From the data that follows, print exactly the lines starting at the one containing "பொதுவான தரவுகள்" and ending at the one containing "கல்வெட்டுகளின் மூலம் அறியக்கிடக்கிறது."; include both of them and nothing more.

[[ SUPPLIED DATA open ]]

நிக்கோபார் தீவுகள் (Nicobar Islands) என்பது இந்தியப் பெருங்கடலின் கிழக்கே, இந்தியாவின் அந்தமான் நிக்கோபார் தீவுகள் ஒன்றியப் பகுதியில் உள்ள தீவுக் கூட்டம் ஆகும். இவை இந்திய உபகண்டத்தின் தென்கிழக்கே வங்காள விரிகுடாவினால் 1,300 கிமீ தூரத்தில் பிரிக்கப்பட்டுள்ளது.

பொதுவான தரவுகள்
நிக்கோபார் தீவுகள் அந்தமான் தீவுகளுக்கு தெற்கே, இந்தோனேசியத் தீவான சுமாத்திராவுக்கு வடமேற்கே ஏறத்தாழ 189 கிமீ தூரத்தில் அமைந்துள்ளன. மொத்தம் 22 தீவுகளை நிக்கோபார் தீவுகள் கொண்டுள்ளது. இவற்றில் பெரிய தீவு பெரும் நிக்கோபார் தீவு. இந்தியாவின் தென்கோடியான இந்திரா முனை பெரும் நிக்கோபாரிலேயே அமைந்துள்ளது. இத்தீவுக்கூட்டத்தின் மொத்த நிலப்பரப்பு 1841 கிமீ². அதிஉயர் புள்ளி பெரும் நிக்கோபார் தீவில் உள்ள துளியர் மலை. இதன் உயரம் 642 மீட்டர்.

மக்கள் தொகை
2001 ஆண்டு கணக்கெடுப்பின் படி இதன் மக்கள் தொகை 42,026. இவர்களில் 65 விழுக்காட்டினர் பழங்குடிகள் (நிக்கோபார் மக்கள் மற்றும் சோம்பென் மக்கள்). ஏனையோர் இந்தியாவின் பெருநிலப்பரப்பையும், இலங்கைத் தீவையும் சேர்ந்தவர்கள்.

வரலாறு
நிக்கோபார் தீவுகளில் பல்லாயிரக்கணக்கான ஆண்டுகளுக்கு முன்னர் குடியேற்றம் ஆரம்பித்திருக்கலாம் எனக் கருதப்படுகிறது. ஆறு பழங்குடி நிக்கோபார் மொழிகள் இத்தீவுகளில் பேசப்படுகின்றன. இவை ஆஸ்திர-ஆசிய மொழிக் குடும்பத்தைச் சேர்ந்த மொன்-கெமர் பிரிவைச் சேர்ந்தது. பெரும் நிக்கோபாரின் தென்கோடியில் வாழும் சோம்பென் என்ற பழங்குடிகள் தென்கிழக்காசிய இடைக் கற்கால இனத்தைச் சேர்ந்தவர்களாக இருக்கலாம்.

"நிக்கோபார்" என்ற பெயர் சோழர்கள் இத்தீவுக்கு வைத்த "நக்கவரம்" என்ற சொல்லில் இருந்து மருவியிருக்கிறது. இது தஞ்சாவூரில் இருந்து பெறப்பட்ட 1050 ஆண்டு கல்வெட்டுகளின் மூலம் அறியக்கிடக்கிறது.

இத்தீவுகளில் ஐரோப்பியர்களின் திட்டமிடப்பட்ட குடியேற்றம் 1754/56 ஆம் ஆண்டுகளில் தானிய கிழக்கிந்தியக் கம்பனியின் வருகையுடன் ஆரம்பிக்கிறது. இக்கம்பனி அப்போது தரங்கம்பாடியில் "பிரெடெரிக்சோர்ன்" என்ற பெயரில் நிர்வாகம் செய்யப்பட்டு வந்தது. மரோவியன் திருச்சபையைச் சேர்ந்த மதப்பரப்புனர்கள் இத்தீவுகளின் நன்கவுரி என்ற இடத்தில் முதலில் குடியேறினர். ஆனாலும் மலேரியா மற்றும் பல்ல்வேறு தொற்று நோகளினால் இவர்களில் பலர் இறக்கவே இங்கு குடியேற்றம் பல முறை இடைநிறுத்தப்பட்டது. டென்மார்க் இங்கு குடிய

[[ SUPPLIED DATA closed ]]

▶ SOLUTION TO THIS TASK
பொதுவான தரவுகள்
நிக்கோபார் தீவுகள் அந்தமான் தீவுகளுக்கு தெற்கே, இந்தோனேசியத் தீவான சுமாத்திராவுக்கு வடமேற்கே ஏறத்தாழ 189 கிமீ தூரத்தில் அமைந்துள்ளன. மொத்தம் 22 தீவுகளை நிக்கோபார் தீவுகள் கொண்டுள்ளது. இவற்றில் பெரிய தீவு பெரும் நிக்கோபார் தீவு. இந்தியாவின் தென்கோடியான இந்திரா முனை பெரும் நிக்கோபாரிலேயே அமைந்துள்ளது. இத்தீவுக்கூட்டத்தின் மொத்த நிலப்பரப்பு 1841 கிமீ². அதிஉயர் புள்ளி பெரும் நிக்கோபார் தீவில் உள்ள துளியர் மலை. இதன் உயரம் 642 மீட்டர்.

மக்கள் தொகை
2001 ஆண்டு கணக்கெடுப்பின் படி இதன் மக்கள் தொகை 42,026. இவர்களில் 65 விழுக்காட்டினர் பழங்குடிகள் (நிக்கோபார் மக்கள் மற்றும் சோம்பென் மக்கள்). ஏனையோர் இந்தியாவின் பெருநிலப்பரப்பையும், இலங்கைத் தீவையும் சேர்ந்தவர்கள்.

வரலாறு
நிக்கோபார் தீவுகளில் பல்லாயிரக்கணக்கான ஆண்டுகளுக்கு முன்னர் குடியேற்றம் ஆரம்பித்திருக்கலாம் எனக் கருதப்படுகிறது. ஆறு பழங்குடி நிக்கோபார் மொழிகள் இத்தீவுகளில் பேசப்படுகின்றன. இவை ஆஸ்திர-ஆசிய மொழிக் குடும்பத்தைச் சேர்ந்த மொன்-கெமர் பிரிவைச் சேர்ந்தது. பெரும் நிக்கோபாரின் தென்கோடியில் வாழும் சோம்பென் என்ற பழங்குடிகள் தென்கிழக்காசிய இடைக் கற்கால இனத்தைச் சேர்ந்தவர்களாக இருக்கலாம்.

"நிக்கோபார்" என்ற பெயர் சோழர்கள் இத்தீவுக்கு வைத்த "நக்கவரம்" என்ற சொல்லில் இருந்து மருவியிருக்கிறது. இது தஞ்சாவூரில் இருந்து பெறப்பட்ட 1050 ஆண்டு கல்வெட்டுகளின் மூலம் அறியக்கிடக்கிறது.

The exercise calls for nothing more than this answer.